Cross Organization Identity Brokering Using VMware Identity Manager 3rd Party IdP Integration for Trust & SSO AuthN

The following is a rough draft on how the two disparate organizations with separate environments can be linked together for account/group sync in support of user SSO from either entity into the other.


Very Rough Flow Diagram

Problem (Business Use Case):
More and more customers are joining forces to work together either through mergers and acquisitions or as partnerships. With these mergers and partnerships, customers are needing to share resources. This now must be done through single sign-on mechanisms as industry security brokers are changing from on-premises (active directory) to cloud-based solutions. More importantly, customers are not wanting to go the legacy route of providing complex, 2-way active directory trusts, but rather wish to use cloud based, open standard, secure solutions which exist in the marketplace today.

Executive Summary:
Utilizing a Cross Organization Identity Brokering solution allows for disparate companies to became technology partners by providing a secure identity management solution between trusted partners which replicates only the necessary attributes of a user’s identity throughout in order to not only provide access to services, applications, and desktops from partner companies, but allow for the user to have a fully seamless, secure, single sign-on experience via their own VMware Identity Manager portal to all resources across partnered companies.

In addition, this also provides the partnered companies to ensure their own environments remain protected to the necessary levels as well as an easy way to separate linked resources, should the partnership dissolve.

What was Deployed and How:
See above image

Benefits
  1. Allows for users in either company (entity) to access applications, desktops, and services offered or made available by the other company / entity while still maintaining Single Sign-On functionality through their own company’s tenant.
  2. Allows for individual companies to securely provide access to resources they own or control to users in other "trusted" partner companies without creating and maintaining an Active Directory or other security broker trust relationship.
  3. Allows for automation of Identity synchronization through use of 3rd Party identity management solutions.
  4. Allows for designation of multiple security checkpoints within both companies to ensure a user is properly identified, authenticated, and authorized while maintaining security and SSO functionalities.
  5. In addition to SSO functionalities for all users across multiple entities, allows for a single, self-service portal to present all resources available to the user from across multiple tenants and providers.

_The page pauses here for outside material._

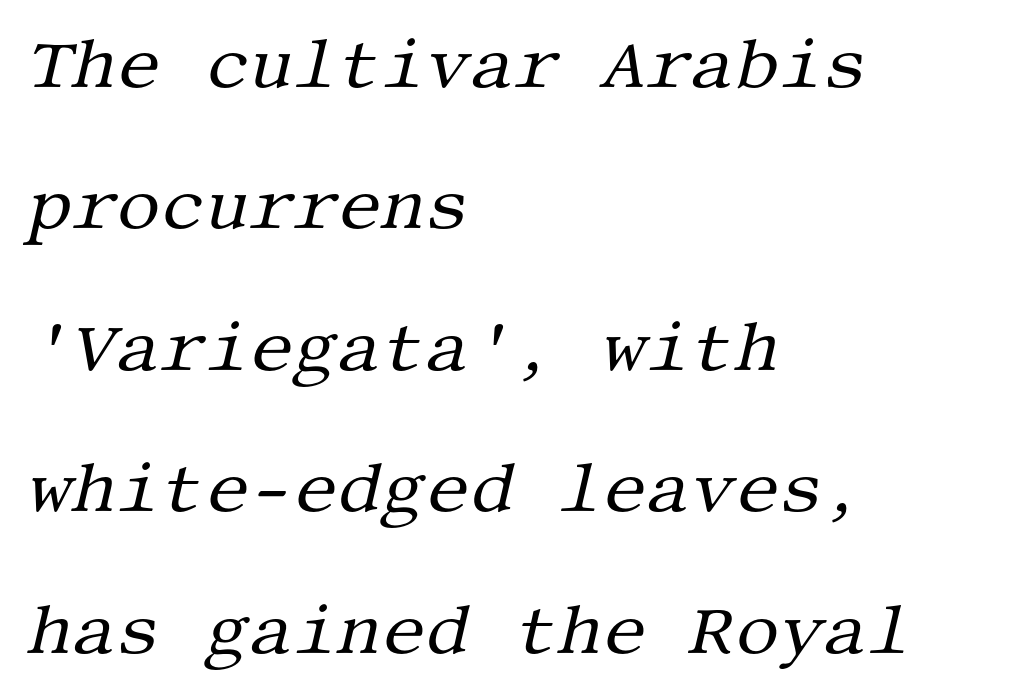
{"serif": "yes", "italic": "yes", "lean": "right", "slant_degrees": 13, "bold": "no", "weight": "regular", "width": "normal", "stroke_contrast": "medium", "x_height": "large", "underline": "no", "align": "left", "line_spacing": "loose", "line_spacing_ratio": 2.05, "letter_spacing": "normal", "letter_spacing_em": 0.0, "glyph_px": 69}
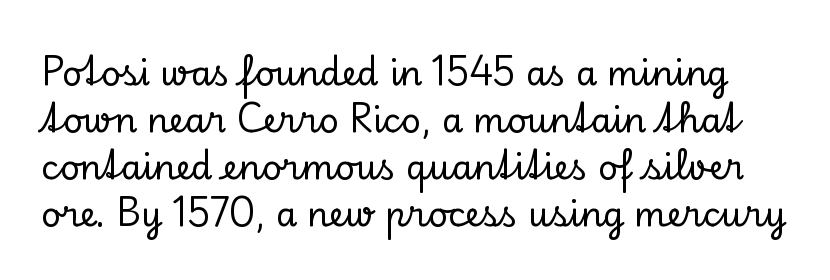
The image shows 34 px text type, upright; set normal line spacing (1.38x), normal letter spacing, not underlined; low stroke contrast and a small x-height.

Concerns (Blockers) and Necessities (Requirements):
  1. Radiant Logic VDS solution will create an amalgomized Directory based upon select users/groups and their defined attributes within each source AD.
  2. The combined users and potentially groups will become the VDS.
  3. Users within VDS will have a defined set of agreed upon attributes
    1. First name
    2. Last name
    3. Email
    4. UPN
    5. objectGUID
    6. NT Account Name (sAMAccountName)? - Some older applications need to utilize these for authentication into the app.
    7. Password??? - This might not be needed as 3rd party IdP trust will not use this but trusting services might still require it. Radiant Logic VDS can sync password but this means password policies will need to be an agreed upon standard between entities.
      1. Note: Horizon TrueSSO would eliminate the need for password sync if both sides used VMW Horizon.
    8. Source entity (ORG1 or ORG2 - can be automatically derived from email or UPN)
    9. Member of (or Group Membership).
    10. Etc. (phone, office location, etc.)
  4. VDS will be synced into local Active Directory domain in each entity environment.
    1. Example: VDS.local
    2. VDS to AD domain sync may need to be selective per entity in order to avoid duplicate entries.
      1. Example: ORG1 users synced into VDS from ORG1 domain, do not need to be synced into VDS.local AD domain as those won't be utilized anyways, and may potentially cause duplicate email and UPN entries between VDS.local and org1.local.
  5. Local 2-way trust between VDS.local and entity primary domain will exist to allow trusted services to perform Windows authentication (i.e. Horizon or Citrix session authentication).
  6. A manual 2-way domain trust with SID filtering may be needed to ensure user accounts from other entities do not have any additional access to other resources.
  7. Citrix will not fully support TrueSSO-like functionality and will prompt for a user password for current and immediate logins to Citrix via Workspace ONE.
    1. A password will only be prompted once for each ws1 login. If a user logs in to ws1 only once per day then a password prompt will only happen once per day if timeout settings are longer than that.
  8. Both Identity Manager tenants will need to trust each other. This is a standard SP to IdP trust between each Identity Manager.
  9. Admins in both entities will need to have deep links (i.e. Relay state links) of 3rd party IdP protected apps in order to properly define the same app in both.
    1. Example: App1 is horizon app in ORG2 domain. In order to properly display and allow for SSO for users from ORG1, App1 must be manually created in ORG1 Identity Manager as a 3rd party app and properly assigned.
    2. Note: Assignment of apps can be done either by dynamic groups or by synced groups. Further discovery on this may be needed but shouldn't be an issue.
  10. All customers replicating into VDS and utilizing replicated user accounts for SSO should have independent security audits to ensure all best practices and requirements are adhered to.


Outcomes:
Users will be able to login to their own organization tenant and maintain Single Sign-On access to protected resources across both environments.

Resources:


Technical Details
Domain Trust and SID Filtering:
  • Ensure we are not sharing SIDs across domains. A potential malicious administrator could get additional access to the other domain. This eliminates lateral movement of an exploited system. SID filter quarantining for external trusts.
  • Implement selective authentication across the trusts.
Authentication Setting
Interforest Trust Type
Description
Domain-wide Authentication
External
Permits unrestricted access by any users in the trusted domain to all available shared resources located in the trusting domain. This is the default authentication setting for external trusts.
Forest-wide Authentication
Forest
Permits unrestricted access by any users in the trusted forest to all available shared resources located in any of the domains in the trusting forest. This is the default authentication setting for forest trusts.
Selective Authentication
External and Forest
Restricts access over an external or forest trust to only those users in a trusted domain or forest who have been explicitly given authentication permissions to computer objects (resource computers) residing in the trusting domain or forest. This authentication setting must be manually enabled.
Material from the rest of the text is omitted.